Supplied records:
━━━━━━━━━━━━━━━━━━━━
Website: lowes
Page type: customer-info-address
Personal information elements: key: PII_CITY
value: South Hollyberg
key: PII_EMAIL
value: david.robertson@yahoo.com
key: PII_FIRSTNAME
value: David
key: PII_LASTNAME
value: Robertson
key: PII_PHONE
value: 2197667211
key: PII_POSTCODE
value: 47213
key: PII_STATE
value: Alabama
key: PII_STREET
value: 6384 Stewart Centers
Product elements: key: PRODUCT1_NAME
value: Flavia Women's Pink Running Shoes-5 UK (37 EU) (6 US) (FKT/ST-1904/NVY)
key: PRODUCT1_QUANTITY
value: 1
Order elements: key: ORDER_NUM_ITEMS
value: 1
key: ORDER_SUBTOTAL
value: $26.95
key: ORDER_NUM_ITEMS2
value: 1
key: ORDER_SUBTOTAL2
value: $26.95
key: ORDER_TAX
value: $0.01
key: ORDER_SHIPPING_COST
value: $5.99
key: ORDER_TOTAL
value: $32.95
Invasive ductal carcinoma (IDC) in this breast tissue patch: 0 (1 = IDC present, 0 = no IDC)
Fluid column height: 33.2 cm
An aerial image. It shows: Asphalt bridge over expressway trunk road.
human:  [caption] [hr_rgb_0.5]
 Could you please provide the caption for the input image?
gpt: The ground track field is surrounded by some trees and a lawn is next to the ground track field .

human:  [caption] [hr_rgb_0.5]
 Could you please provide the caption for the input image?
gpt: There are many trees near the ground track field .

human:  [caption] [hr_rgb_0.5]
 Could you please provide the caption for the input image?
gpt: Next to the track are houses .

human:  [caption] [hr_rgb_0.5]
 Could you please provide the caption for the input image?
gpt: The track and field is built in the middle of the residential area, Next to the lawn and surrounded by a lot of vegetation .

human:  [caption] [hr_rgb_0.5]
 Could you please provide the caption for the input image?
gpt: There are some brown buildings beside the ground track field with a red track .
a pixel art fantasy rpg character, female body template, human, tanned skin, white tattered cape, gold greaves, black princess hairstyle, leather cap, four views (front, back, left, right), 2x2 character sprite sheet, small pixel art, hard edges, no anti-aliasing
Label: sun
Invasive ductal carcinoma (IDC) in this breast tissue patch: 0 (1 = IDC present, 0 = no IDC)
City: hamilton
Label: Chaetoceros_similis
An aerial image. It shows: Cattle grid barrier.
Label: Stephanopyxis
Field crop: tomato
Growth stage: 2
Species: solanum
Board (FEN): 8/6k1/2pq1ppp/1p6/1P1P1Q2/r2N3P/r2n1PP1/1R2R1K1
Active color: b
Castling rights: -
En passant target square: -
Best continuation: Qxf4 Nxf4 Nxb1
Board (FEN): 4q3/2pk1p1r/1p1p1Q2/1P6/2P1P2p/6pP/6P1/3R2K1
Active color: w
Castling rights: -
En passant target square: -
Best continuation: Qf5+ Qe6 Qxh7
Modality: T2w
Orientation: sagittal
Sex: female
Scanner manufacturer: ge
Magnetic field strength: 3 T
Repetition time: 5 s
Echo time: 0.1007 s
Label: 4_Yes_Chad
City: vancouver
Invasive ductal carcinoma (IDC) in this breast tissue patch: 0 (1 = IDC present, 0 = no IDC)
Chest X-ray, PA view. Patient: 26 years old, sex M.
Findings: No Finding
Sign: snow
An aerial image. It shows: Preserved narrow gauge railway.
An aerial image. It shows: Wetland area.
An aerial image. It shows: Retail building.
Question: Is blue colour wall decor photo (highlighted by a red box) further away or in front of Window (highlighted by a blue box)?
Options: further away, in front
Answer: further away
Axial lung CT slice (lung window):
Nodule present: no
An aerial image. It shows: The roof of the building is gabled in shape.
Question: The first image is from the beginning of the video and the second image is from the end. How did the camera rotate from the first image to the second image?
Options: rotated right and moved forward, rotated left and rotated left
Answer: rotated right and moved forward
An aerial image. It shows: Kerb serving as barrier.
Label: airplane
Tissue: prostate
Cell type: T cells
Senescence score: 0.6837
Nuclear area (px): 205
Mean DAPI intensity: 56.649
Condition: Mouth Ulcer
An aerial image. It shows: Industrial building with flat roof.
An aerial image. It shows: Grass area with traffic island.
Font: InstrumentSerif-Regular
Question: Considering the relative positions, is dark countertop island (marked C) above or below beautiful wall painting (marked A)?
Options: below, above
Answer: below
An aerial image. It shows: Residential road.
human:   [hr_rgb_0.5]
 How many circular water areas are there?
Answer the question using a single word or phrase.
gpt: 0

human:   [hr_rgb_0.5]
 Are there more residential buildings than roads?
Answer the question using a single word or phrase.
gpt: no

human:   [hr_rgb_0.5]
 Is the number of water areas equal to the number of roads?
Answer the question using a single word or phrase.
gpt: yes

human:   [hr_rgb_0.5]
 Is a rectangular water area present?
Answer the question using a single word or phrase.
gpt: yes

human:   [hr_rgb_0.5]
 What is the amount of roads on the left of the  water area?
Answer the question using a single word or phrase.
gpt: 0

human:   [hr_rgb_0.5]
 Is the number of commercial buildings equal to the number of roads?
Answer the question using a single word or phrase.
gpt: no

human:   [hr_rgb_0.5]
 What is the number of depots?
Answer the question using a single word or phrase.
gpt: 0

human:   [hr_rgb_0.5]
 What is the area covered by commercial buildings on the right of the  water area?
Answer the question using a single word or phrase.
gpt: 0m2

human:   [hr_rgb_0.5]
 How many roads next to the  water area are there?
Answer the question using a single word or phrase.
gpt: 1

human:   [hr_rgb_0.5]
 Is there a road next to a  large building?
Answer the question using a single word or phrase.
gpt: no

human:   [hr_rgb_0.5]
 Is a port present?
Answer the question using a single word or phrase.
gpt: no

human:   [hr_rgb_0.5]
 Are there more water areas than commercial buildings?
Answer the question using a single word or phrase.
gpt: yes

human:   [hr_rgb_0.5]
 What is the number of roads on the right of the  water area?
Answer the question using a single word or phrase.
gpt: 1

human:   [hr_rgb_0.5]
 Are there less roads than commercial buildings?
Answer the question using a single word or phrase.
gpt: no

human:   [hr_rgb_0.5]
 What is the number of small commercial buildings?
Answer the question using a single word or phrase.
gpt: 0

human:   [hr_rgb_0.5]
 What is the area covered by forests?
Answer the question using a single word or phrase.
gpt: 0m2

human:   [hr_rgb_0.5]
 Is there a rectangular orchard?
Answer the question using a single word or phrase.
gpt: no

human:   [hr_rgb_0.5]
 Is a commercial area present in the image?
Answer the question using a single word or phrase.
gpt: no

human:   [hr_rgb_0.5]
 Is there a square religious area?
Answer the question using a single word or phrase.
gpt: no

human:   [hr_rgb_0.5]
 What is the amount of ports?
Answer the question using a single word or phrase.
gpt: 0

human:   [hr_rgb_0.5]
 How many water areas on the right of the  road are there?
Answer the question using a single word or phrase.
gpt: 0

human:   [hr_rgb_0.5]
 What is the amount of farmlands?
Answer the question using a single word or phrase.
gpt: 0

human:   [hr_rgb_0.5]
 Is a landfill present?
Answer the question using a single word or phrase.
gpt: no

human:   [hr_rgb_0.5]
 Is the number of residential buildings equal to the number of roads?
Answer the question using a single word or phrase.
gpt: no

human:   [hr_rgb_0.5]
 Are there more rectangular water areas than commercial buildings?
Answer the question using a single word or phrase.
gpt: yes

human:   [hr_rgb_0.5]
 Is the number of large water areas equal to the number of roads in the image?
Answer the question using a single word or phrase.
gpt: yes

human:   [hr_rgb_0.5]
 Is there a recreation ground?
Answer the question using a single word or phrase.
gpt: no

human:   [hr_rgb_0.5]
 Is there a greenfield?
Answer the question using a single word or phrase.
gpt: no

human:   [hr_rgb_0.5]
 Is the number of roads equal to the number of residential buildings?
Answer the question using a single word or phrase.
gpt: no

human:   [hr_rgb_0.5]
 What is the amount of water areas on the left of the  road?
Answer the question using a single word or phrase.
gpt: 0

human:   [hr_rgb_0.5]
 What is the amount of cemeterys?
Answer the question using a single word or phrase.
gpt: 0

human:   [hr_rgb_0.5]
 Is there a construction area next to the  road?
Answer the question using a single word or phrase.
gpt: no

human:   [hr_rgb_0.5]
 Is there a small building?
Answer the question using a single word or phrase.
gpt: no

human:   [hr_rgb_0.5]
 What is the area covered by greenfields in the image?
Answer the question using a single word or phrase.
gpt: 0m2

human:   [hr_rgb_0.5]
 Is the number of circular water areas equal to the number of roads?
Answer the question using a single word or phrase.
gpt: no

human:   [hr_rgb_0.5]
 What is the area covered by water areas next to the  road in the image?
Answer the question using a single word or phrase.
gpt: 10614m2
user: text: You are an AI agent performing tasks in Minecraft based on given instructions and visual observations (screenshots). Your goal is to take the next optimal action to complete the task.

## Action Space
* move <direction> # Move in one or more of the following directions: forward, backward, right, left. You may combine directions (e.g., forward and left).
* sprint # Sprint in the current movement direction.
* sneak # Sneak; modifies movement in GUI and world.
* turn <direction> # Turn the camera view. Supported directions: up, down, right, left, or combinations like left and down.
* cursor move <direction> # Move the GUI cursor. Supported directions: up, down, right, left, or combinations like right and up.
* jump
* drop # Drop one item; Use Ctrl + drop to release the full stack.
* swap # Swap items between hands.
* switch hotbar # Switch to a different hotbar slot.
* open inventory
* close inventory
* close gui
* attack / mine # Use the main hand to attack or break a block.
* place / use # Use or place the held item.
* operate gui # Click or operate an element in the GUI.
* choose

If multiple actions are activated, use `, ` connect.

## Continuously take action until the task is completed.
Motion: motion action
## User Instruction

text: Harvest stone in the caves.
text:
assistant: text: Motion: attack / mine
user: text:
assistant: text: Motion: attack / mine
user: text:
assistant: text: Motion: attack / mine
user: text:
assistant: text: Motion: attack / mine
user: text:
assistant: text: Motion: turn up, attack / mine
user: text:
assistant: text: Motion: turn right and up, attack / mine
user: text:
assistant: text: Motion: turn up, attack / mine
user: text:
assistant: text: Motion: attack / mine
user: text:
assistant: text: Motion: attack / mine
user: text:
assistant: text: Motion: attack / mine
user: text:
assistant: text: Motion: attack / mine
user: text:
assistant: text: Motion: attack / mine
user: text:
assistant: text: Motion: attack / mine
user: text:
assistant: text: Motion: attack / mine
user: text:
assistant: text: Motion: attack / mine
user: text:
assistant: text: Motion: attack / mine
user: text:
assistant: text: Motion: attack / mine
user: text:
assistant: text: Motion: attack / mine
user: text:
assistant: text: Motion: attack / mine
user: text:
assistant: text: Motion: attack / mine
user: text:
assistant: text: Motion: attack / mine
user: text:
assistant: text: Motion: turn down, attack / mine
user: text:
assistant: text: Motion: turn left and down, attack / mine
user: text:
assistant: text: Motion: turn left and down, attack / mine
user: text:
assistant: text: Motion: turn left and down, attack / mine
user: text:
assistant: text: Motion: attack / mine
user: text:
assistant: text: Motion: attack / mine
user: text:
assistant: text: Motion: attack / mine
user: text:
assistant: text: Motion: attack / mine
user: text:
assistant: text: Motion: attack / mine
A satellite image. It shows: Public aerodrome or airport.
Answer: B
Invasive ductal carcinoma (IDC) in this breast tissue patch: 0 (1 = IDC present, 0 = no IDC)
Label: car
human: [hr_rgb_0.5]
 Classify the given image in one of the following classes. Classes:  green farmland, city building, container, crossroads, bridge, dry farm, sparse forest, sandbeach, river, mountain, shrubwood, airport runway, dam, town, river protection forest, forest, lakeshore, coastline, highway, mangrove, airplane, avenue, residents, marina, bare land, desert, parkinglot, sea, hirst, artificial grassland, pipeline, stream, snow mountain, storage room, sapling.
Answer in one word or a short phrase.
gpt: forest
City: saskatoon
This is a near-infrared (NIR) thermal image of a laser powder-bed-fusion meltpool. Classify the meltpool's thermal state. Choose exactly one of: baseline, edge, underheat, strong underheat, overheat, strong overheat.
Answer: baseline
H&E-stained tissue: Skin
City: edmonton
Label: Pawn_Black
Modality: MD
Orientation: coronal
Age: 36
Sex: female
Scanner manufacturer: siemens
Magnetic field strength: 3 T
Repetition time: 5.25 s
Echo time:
━━━━━━━━━━━━━━━━━━━━
How to complete this task: Reply with one number, the count of lines in the preceding listing that hold the string "wall".

Response to the exercise: 2